> **What the task asks**
Beginning at the line that holds "LaTeX: -3.80", repeat every line through the last line of the material, exactly, and drop any pictures.

> **Exercise materials**
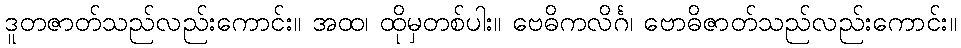
ဒူတဇာတ်သည်လည်းကောင်း။ အထ၊ ထိုမှတစ်ပါး။ ဗေဓိကလိင်္ဂ၊ ဗောဓိဇာတ်သည်လည်းကောင်း။
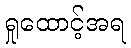
ရှုထောင့်အရ
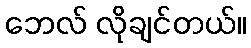
ဘေလ် လိုချင်တယ်။
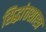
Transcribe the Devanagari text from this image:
सिद्धांतशास्त्र
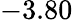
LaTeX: -3.80
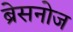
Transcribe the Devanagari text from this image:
ब्रेसनोज
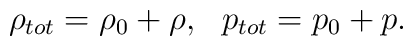
\rho_{tot}=\rho_0+\rho, \ \ p_{tot}=p_0+p.
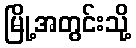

> **Completed exercise**
LaTeX: -3.80
Transcribe the Devanagari text from this image:
ब्रेसनोज
\rho_{tot}=\rho_0+\rho, \ \ p_{tot}=p_0+p.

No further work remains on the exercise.